Human activity is altering the world's precipitation patterns, bringing more rainfall to Canada, Northern Europe and Russia and drier weather to tropical and subtropical areas north of the equator, according to the first major international study that examines these changes over the past century.

Global warming has been blamed for higher temperatures and warmer oceans. But this is the first research paper that makes a link to rainfall patterns, with widespread implications for how people will adapt now that they've messed with Mother Nature.

"It's the first time that we've detected in precipitation data a clear imprint of human influence on the climate system," Francis Zwiers, one of the lead authors of the study and director of the climate research division at Environment Canada, said in an interview Monday.

"Temperature changes we can cope with. But water changes are much more difficult to cope with. That will have economic impacts, and impacts on food production, and could ultimately displace populations."

The study, to appear Thursday in the science journal Nature, comes as record rainfalls wreak havoc in Britain and force thousands from their homes.

The global-warming models that scientists developed to forecast climates have predicted that one effect of a warmer world would be a shift in precipitation patterns. Current observations, the study found, confirm what the models predicted.

Dr. Zwiers and his colleagues gathered global rainfall data for about 80 years, starting in 1925, and then compared it to 14 complex computer climate models.

Natural factors, such as volcanic activity, contributed to changes in precipitation patterns. But nature's work pales in comparison to what humans have done, in the form of steady increases in greenhouse gases and sulphate aerosols produced by burning fossil fuels, the study found.

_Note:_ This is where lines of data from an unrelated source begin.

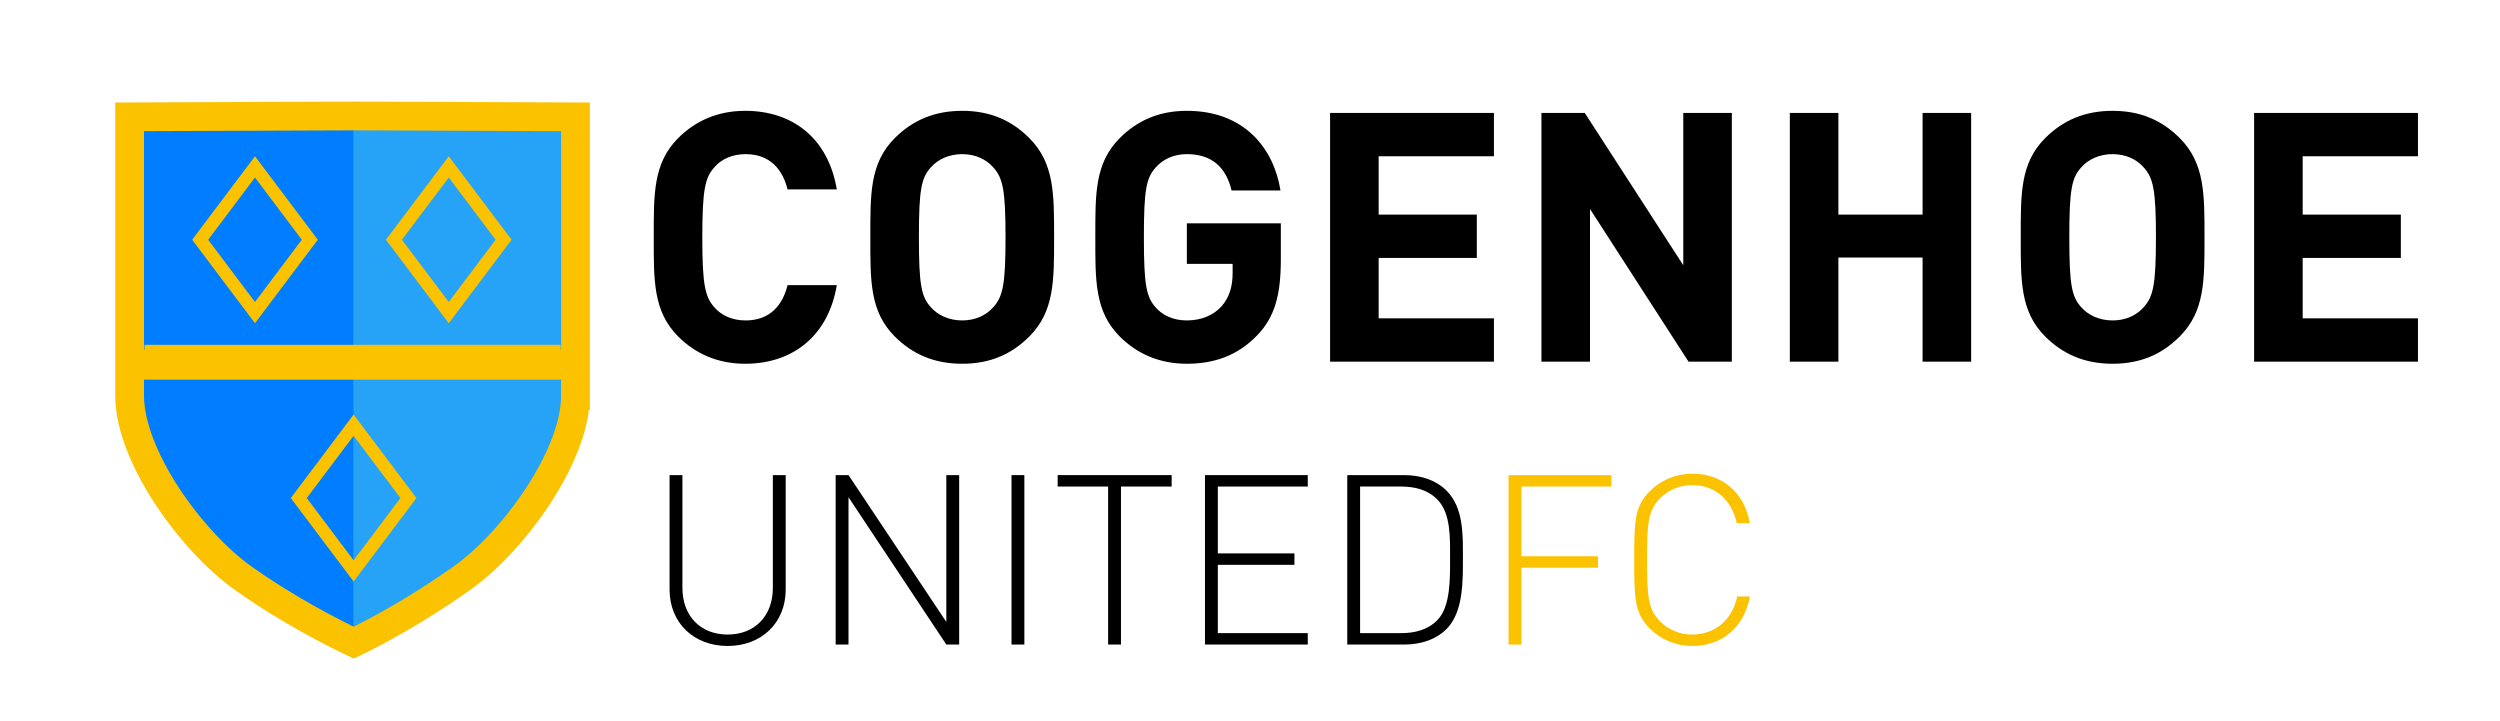 <?xml version="1.0" encoding="utf-8"?>
<!-- Generator: Adobe Illustrator 25.2.0, SVG Export Plug-In . SVG Version: 6.00 Build 0)  -->
<svg version="1.1" id="Capa_1" xmlns="http://www.w3.org/2000/svg" xmlns:xlink="http://www.w3.org/1999/xlink" x="0px" y="0px"
	 viewBox="0 0 2347.096 676.464" style="enable-background:new 0 0 2347.096 676.464;" xml:space="preserve">
<style type="text/css">
	.st0{fill:#007EFF;}
	.st1{fill:#26A3F7;}
	.st2{enable-background:new    ;}
	.st3{fill:#FBC200;}
	.st4{fill:none;stroke:#FBC200;stroke-width:27;stroke-miterlimit:10;}
	.st5{fill:none;stroke:#FBC200;stroke-width:12;stroke-miterlimit:10;}
</style>
<path class="st0" d="M333.052,109.016l-0.448-0.002l-210.435,0.834v261.809c0,56.54,57.779,136.555,106.25,171.074
	c43.454,30.946,87.524,52.905,104.186,60.794c0.142-0.067,0.301-0.144,0.447-0.214V109.016z"/>
<path class="st1" d="M331.754,109.016l0.448-0.002l210.435,0.834v261.809c0,56.54-57.779,136.555-106.25,171.074
	c-43.454,30.946-87.524,52.905-104.186,60.794c-0.142-0.067-0.301-0.144-0.447-0.214V109.016z"/>
<g class="st2">
	<path d="M699.694,341.509c-25.583,0-46.574-9.184-62.974-25.583c-23.615-23.615-22.959-52.805-22.959-93.147
		c0-40.343-0.656-69.534,22.959-93.149c16.399-16.399,37.391-25.583,62.974-25.583c43.622,0,77.732,24.927,85.933,73.797H739.38
		c-4.591-18.695-16.399-33.127-39.358-33.127c-12.464,0-22.631,4.591-29.19,12.137c-8.855,9.839-11.479,20.992-11.479,65.925
		c0,44.933,2.625,56.085,11.479,65.924c6.56,7.544,16.727,12.137,29.19,12.137c22.959,0,34.766-14.43,39.358-33.127h46.247
		C777.427,316.582,742.987,341.509,699.694,341.509z"/>
	<path d="M966.344,315.926c-16.4,16.399-36.406,25.583-62.974,25.583s-46.902-9.184-63.302-25.583
		c-23.615-23.615-22.959-52.805-22.959-93.147c0-40.343-0.656-69.534,22.959-93.149c16.399-16.399,36.735-25.583,63.302-25.583
		c26.566,0,46.574,9.184,62.974,25.583c23.615,23.615,23.287,52.805,23.287,93.149C989.631,263.121,989.959,292.311,966.344,315.926
		z M932.561,157.182c-6.56-7.544-16.727-12.465-29.19-12.465s-22.959,4.919-29.519,12.465c-8.855,9.839-11.151,20.664-11.151,65.597
		s2.297,55.756,11.151,65.595c6.56,7.544,17.055,12.465,29.519,12.465s22.631-4.919,29.19-12.465
		c8.855-9.839,11.479-20.664,11.479-65.595C944.04,177.844,941.417,167.019,932.561,157.182z"/>
	<path d="M1180.189,314.942c-18.695,19.352-40.998,26.567-65.925,26.567c-25.583,0-46.574-9.184-62.974-25.583
		c-23.615-23.615-22.959-52.805-22.959-93.147c0-40.343-0.656-69.534,22.959-93.149c16.399-16.399,36.735-25.583,62.974-25.583
		c54.118,0,81.668,35.424,87.901,74.781h-45.919c-5.248-21.974-18.695-34.112-41.982-34.112c-12.464,0-22.631,4.919-29.192,12.465
		c-8.855,9.839-11.151,20.664-11.151,65.597s2.297,56.085,11.151,65.924c6.56,7.544,16.729,12.137,29.192,12.137
		c13.774,0,24.927-4.919,32.47-13.12c7.544-8.527,10.497-19.023,10.497-31.157v-8.856h-42.966v-38.048h88.229v34.112
		C1202.491,277.551,1196.588,297.887,1180.189,314.942z"/>
	<path d="M1248.735,339.541V106.015h153.825v40.67h-108.234v54.775h92.163v40.67h-92.163v56.741h108.234v40.67L1248.735,339.541
		L1248.735,339.541z"/>
	<path d="M1585.244,339.541l-92.491-143.329v143.329h-45.591V106.015h40.67l92.491,143.001V106.015h45.591v233.526H1585.244z"/>
	<path d="M1804.994,339.541v-97.739h-79.045v97.739h-45.591V106.015h45.591v95.445h79.045v-95.445h45.591v233.526L1804.994,339.541
		L1804.994,339.541z"/>
	<path d="M2046.39,315.926c-16.399,16.399-36.406,25.583-62.974,25.583s-46.902-9.184-63.302-25.583
		c-23.615-23.615-22.959-52.805-22.959-93.147c0-40.343-0.656-69.534,22.959-93.149c16.399-16.399,36.734-25.583,63.302-25.583
		c26.568,0,46.573,9.184,62.974,25.583c23.615,23.615,23.287,52.805,23.287,93.149
		C2069.677,263.121,2070.005,292.311,2046.39,315.926z M2012.608,157.182c-6.56-7.544-16.729-12.465-29.192-12.465
		c-12.464,0-22.959,4.919-29.52,12.465c-8.855,9.839-11.151,20.664-11.151,65.597s2.297,55.756,11.151,65.595
		c6.56,7.544,17.057,12.465,29.52,12.465c12.464,0,22.631-4.919,29.192-12.465c8.855-9.839,11.479-20.664,11.479-65.595
		C2024.087,177.844,2021.463,167.019,2012.608,157.182z"/>
	<path d="M2116.249,339.541V106.015h153.825v40.67H2161.84v54.775h92.163v40.67h-92.163v56.741h108.234v40.67L2116.249,339.541
		L2116.249,339.541z"/>
</g>
<g class="st2">
	<path d="M683.13,606.464c-31.948,0-54.511-21.895-54.511-52.949v-107.46h12.064v105.897c0,26.363,16.978,43.788,42.448,43.788
		c25.469,0,42.448-17.425,42.448-43.788V446.055h12.064v107.46C737.643,584.569,715.078,606.464,683.13,606.464z"/>
	<path d="M888.435,605.122l-91.821-138.291v138.291h-12.064V446.055h12.064l91.821,137.843V446.055h12.064v159.068H888.435z"/>
	<path d="M949.642,605.122V446.055h12.064v159.068H949.642z"/>
	<path d="M1052.405,456.779v148.343h-12.064V456.779h-47.362v-10.725h107.014v10.725H1052.405z"/>
	<path d="M1131.262,605.122V446.055h96.512v10.725h-84.449v62.777h71.938v10.723h-71.938v64.119h84.449v10.723H1131.262z"/>
	<path d="M1358.016,590.601c-9.384,9.383-23.235,14.521-39.767,14.521h-53.396V446.055h53.396c16.531,0,30.382,5.14,39.767,14.523
		c16.085,16.085,15.415,41.331,15.415,62.779C1373.43,544.804,1374.1,574.515,1358.016,590.601z M1349.525,469.067
		c-9.159-9.384-21.448-12.287-34.182-12.287h-38.427v137.619h38.427c12.734,0,25.022-2.904,34.182-12.287
		c12.734-12.957,11.84-41.107,11.84-58.756C1361.367,505.704,1362.26,482.024,1349.525,469.067z"/>
	<path class="st3" d="M1428.382,456.779v65.458h71.938v10.723h-71.938v72.16h-12.065V446.053h96.512v10.725h-84.447V456.779z"/>
	<path class="st3" d="M1588.779,606.464c-14.969,0-29.267-5.81-39.767-16.308c-14.523-14.523-14.745-28.597-14.745-64.566
		c0-35.968,0.223-50.043,14.745-64.564c10.5-10.501,24.797-16.308,39.767-16.308c28.372,0,48.925,17.649,54.065,46.469h-12.289
		c-4.691-21.895-20.329-35.746-41.776-35.746c-11.395,0-22.118,4.245-30.161,12.287c-11.395,11.393-12.289,23.68-12.289,57.862
		s0.894,46.469,12.289,57.864c8.041,8.041,18.766,12.287,30.161,12.287c21.448,0,37.531-13.852,42.223-35.746h11.842
		C1637.704,588.814,1616.704,606.464,1588.779,606.464z"/>
</g>
<g>
	<rect x="135.634" y="323.731" class="st3" width="390.697" height="32.372"/>
	<path class="st4" d="M540.284,371.49c0,56.54-57.778,136.555-106.247,171.074c-43.454,30.946-85.259,52.905-101.92,60.794
		c-16.662-7.889-60.732-29.848-104.186-60.794c-48.471-34.52-106.25-114.535-106.25-171.074V109.681l210.435-0.834l208.169,0.834
		V371.49L540.284,371.49L540.284,371.49z"/>
	<polygon class="st5" points="290.854,225.079 239.384,293.487 187.913,225.079 239.384,156.671 	"/>
	<polygon class="st5" points="472.776,225.079 421.306,293.487 369.835,225.079 421.306,156.671 	"/>
	<polygon class="st5" points="383.447,467.584 331.976,535.992 280.505,467.584 331.976,399.175 	"/>
	<rect x="114.225" y="328.37" class="st3" width="427.059" height="27.899"/>
</g>
</svg>

Dr. Zwiers, one of Canada's most respected thinkers on global warming, explained this human activity is causing a stronger water cycle, moving more water vapour away from the warmest parts of the planet and pushing it toward the poles. This is what is making wet areas wetter, and dry areas drier.

Furthermore, higher use of fossil fuels in the Northern Hemisphere appears to be nudging the central rain band off the equator and driving it farther south, he said.

The study found that human-induced climate change has caused most of the precipitation increases in mid-latitude areas, including Canada, as well as south of the equator. Global warming has also resulted in drier conditions just north of the equator, including Mexico, Central America and northern Africa.

One of the ironies for Canada is that while there is more overall precipitation through the year, future projections show that the summers will be particularly dry for the southern Prairies, Dr. Zwiers said. That means residents will have to spend more on irrigation or switching crops.

Gordon McBean, a professor at the University of Western Ontario and the former assistant deputy minister of Meteorological Service of Canada, said the study is proof that global warming is not only about changing temperatures.

"The reality is that the climate is changing. It's not just warming, it's getting wetter in certain places and unfortunately also drier in other places," he said.

Dr. McBean said scientists are arming individuals and governments with information to make regulatory changes and plan development.

"We need strategies both within Canada and … working globally on making informed choice. The scientific community is providing information which individuals, governments at all levels need to factor into their choices," he said.

Dr. Zwiers said the results from this study have given climate scientists increased confidence in their ability to predict changes in precipitation patterns.